Fora do teológico essa indignação seria abusada caso não fosse fruto de uma visada marcada pelo estudo do exótico e do absurdo. Essas coisas que a nossa gloriosa civilização tocada à luta de classe, holocausto, guerras, alta tecnologia e supremacia do mercado ensina a superar mesmo liquidando o planeta...
Hoje, devemos tanto que nossas almas nada valem. O Estado deve tudo à sociedade — honra, vergonha e competência — como é o caso do nosso amado Brasil. Esse Brasil que nunca foi tanto “o país do futuro" como nestes tempos presentes.
Tentar compreender sem acusar, leva a simpatizar com o exótico e a estranhar o rotineiro. A descoberta mais importante, porém, não é saber que o “outro” é um estranho. É deparar como é difícil sair da canhotice que, nos canhotos, surge com a mesma naturalidade de uma língua que se aprende sem saber. O problema da diferença é como abandoná-la.
A diferença é o apanágio da literatura. Com ela, aprendemos que diferentemente dos demônios de outras terras, o diabo brasileiro de Machado de Assis não se contenta em adquirir almas.
Hoje vivemos o trauma de descobrir que o ruim não acaba com um messias, um partido, uma lei ou um ministério. Esse modo ingênuo de enfrentar desvios com o formalismo institucional é o erro do diabo machadiano. Por isso ele não recorre ao familiar engodo de uma troca sem reciprocidade, no melhor estilo de Marcel Mauss. Troca na qual o dinheiro entesourado, apodrecido e ligado à morte, é permutado por almas. O diabo brasileiro — tal como todos nós (incluindo este humilde cronista) funda uma instituição destinada a "resolver" de uma vez por todas o problema do bem. Ou no caso deste diabo, do bem como um problema.
Se os satanases de Grimm, Irving, Benét, Blatty são faustianos e individualistas, fiéis à tradição inventada por Lúcifer, vale lembrar que Lúcifer é o inventor da revolta (que divide o todo) e convém recordar que ele não chegou à revolução (que refaz o todo de modo contrário). Contentou-se lúcifer com o inferno e a fazer o mal por atacado: com insinuações malandras e bastante razoáveis no contexto de nossa humanidade. Quando, entretanto, descobre que sem uma “igreja” seria um eterno perdedor, surge a esperança.
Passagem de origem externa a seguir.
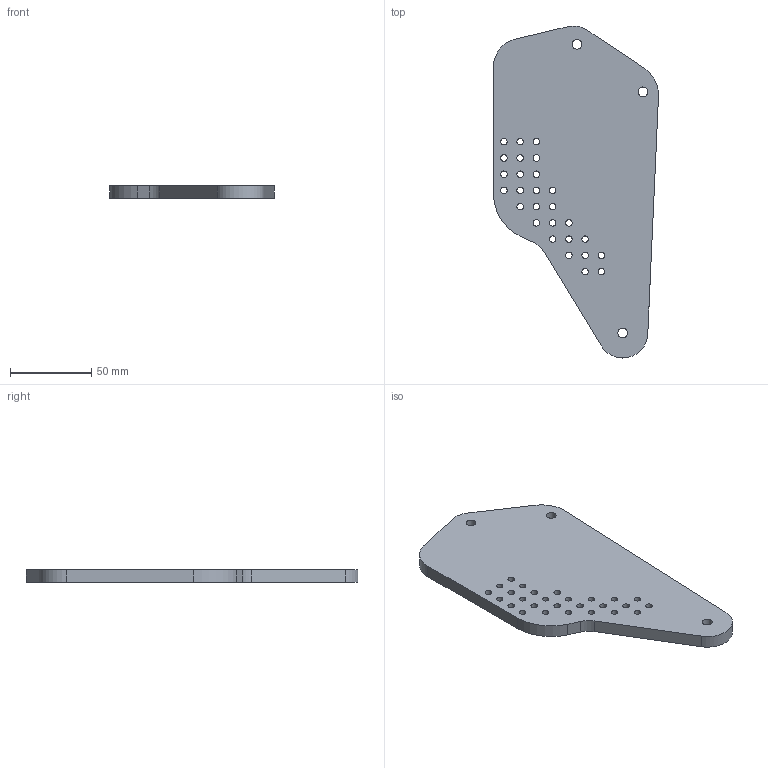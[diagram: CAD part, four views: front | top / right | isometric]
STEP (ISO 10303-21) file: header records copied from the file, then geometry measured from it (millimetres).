
FILE_DESCRIPTION(('FreeCAD Model'),'2;1');
FILE_NAME('Open CASCADE Shape Model','2025-01-24T11:58:09',('Author'),( ''),'Open CASCADE STEP processor 7.8','FreeCAD','Unknown');
FILE_SCHEMA(('AUTOMOTIVE_DESIGN { 1 0 10303 214 1 1 1 1 }'));
Length unit declared in the file: millimetre
Products named in the file (1): Pad
Bounding box: 101.58 x 204.41 x 8 mm (x, y, z)
Volume: 119321.3 mm3; surface area: 37109.2 mm2
Topology: 1 solids, 1 shells, 44 faces, 126 edges, 84 vertices
Faces by surface type: cylinder 36, plane 8
Full cylindrical faces by diameter (mm): 4 x27, 6 x3
Entity records: 3262 total; most frequent: DIRECTION 540, CARTESIAN_POINT 507, ORIENTED_EDGE 252, PCURVE 252, DEFINITIONAL_REPRESENTATION 252, LINE 234, VECTOR 234, CIRCLE 144

É este projeto revolucionário que distingue o diabo sem nome de Machado de Assis. Indo além dos indivíduos, ele planeja agir através de uma igreja. Uma igreja baseada na transformação de vícios em virtudes. Feliz com a descoberta, ele a anuncia a um Criador curiosamente indiferente.
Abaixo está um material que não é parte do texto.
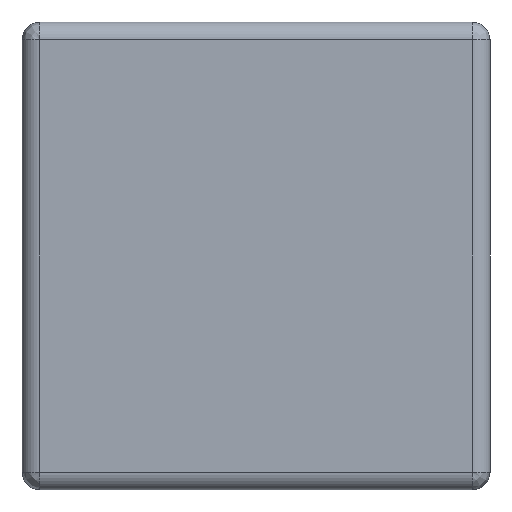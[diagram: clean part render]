
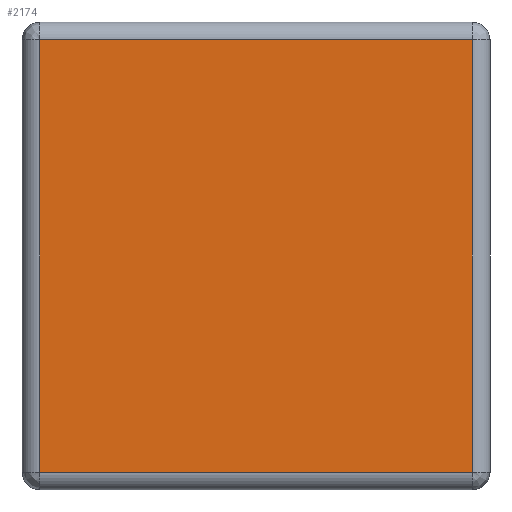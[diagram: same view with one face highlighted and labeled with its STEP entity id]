
A CAD part, left-side view. The second image highlights one B-rep face of the part: STEP entity #2174.
In plain terms, the highlighted planar face has unit normal (-1, 0, 0).
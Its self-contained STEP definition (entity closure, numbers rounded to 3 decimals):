
#219 = LINE ( 'NONE', #250, #6304 ) ;
#250 = CARTESIAN_POINT ( 'NONE',  ( -0.8, 0.76, -0.4 ) ) ;
#331 = DIRECTION ( 'NONE',  ( 0., 0., 1. ) ) ;
#474 = EDGE_CURVE ( 'NONE', #4831, #3190, #219, .T. ) ;
#573 = DIRECTION ( 'NONE',  ( 0., -1., 0. ) ) ;
#956 = VECTOR ( 'NONE', #1756, 1000. ) ;
#1043 = AXIS2_PLACEMENT_3D ( 'NONE', #3991, #6114, #5609 ) ;
#1220 = ORIENTED_EDGE ( 'NONE', *, *, #474, .F. ) ;
#1236 = LINE ( 'NONE', #2383, #4987 ) ;
#1376 = EDGE_CURVE ( 'NONE', #6258, #4831, #1236, .T. ) ;
#1756 = DIRECTION ( 'NONE',  ( 0., 0., -1. ) ) ;
#1852 = PLANE ( 'NONE',  #1043 ) ;
#1917 = EDGE_CURVE ( 'NONE', #3190, #3407, #3108, .T. ) ;
#2174 = ADVANCED_FACE ( 'NONE', ( #6645 ), #1852, .T. ) ;
#2373 = LINE ( 'NONE', #3452, #956 ) ;
#2383 = CARTESIAN_POINT ( 'NONE',  ( -0.8, 0.79, -0.37 ) ) ;
#3108 = LINE ( 'NONE', #6378, #4194 ) ;
#3190 = VERTEX_POINT ( 'NONE', #3923 ) ;
#3379 = EDGE_LOOP ( 'NONE', ( #6134, #5809, #1220, #4514 ) ) ;
#3407 = VERTEX_POINT ( 'NONE', #6446 ) ;
#3452 = CARTESIAN_POINT ( 'NONE',  ( -0.8, 0.02, -0.4 ) ) ;
#3923 = CARTESIAN_POINT ( 'NONE',  ( -0.8, 0.76, 0.37 ) ) ;
#3991 = CARTESIAN_POINT ( 'NONE',  ( -0.8, 0.79, -0.4 ) ) ;
#4194 = VECTOR ( 'NONE', #573, 1000. ) ;
#4290 = EDGE_CURVE ( 'NONE', #3407, #6258, #2373, .T. ) ;
#4514 = ORIENTED_EDGE ( 'NONE', *, *, #1376, .F. ) ;
#4763 = CARTESIAN_POINT ( 'NONE',  ( -0.8, 0.02, -0.37 ) ) ;
#4831 = VERTEX_POINT ( 'NONE', #6818 ) ;
#4987 = VECTOR ( 'NONE', #5526, 1000. ) ;
#5526 = DIRECTION ( 'NONE',  ( 0., 1., 0. ) ) ;
#5609 = DIRECTION ( 'NONE',  ( 0., 0., 1. ) ) ;
#5809 = ORIENTED_EDGE ( 'NONE', *, *, #1917, .F. ) ;
#6114 = DIRECTION ( 'NONE',  ( -1., 0., 0. ) ) ;
#6134 = ORIENTED_EDGE ( 'NONE', *, *, #4290, .F. ) ;
#6258 = VERTEX_POINT ( 'NONE', #4763 ) ;
#6304 = VECTOR ( 'NONE', #331, 1000. ) ;
#6378 = CARTESIAN_POINT ( 'NONE',  ( -0.8, 0., 0.37 ) ) ;
#6446 = CARTESIAN_POINT ( 'NONE',  ( -0.8, 0.02, 0.37 ) ) ;
#6645 = FACE_OUTER_BOUND ( 'NONE', #3379, .T. ) ;
#6818 = CARTESIAN_POINT ( 'NONE',  ( -0.8, 0.76, -0.37 ) ) ;

Agora, imagina o capeta, a luta do Mal contra o Bem se equilibrava. Mas logo o demônio descobre que, nas rotinas do pecado, virtudes subversivas insinuavam-se e eram praticadas na sua igreja. É quando constata que ele é também uma vítima da “eterna ingratidão humana" — essa ativação do canhoto na direita tão bem conhecida de Deus. Essa inversão capaz de desmoralizar dualismos, partidos e ideologias.
Diabos tradicionais são exorcizados. Atacam os inferiores estruturais como os pobres e as adolescentes em fase pré-menstrual. Mas uma igreja do diabo é algo absolutamente singular. Nela, o demônio tem doutrina, rituais e eclesiásticos. Ele — esse é o ponto — tanto quanto nós, acredita que um aparato externo vai resolver. Mas conforme eu tenho remarcado aqui e acolá, instituições precisam de seguidores. De nada vale uma constituição francesa sem franceses para segui-la!
A “eterna ingratidão humana" do diabo machadiano é a descoberta de que não basta uma ideologia. É preciso, como acontece com um idioma, de falantes. Tal como a poesia precisa de cantores e um drama de atores. O mundo, ensina o bruxo do Cosme Velho, jamais vai liquidar o mal valendo-se somente de leis, igrejas e partidos. Pela mesma fórmula, o bem jamais vai deixar de surgir como uma franja do mal. A dualidaade que desequilibra é a mesma que equilibra.
Mas, para enxergar isso, será preciso livrar-se da ilusão segundo a qual basta uma penada ou um ministério. O mundo que é bem mais complicado do que imaginava o nosso diabo.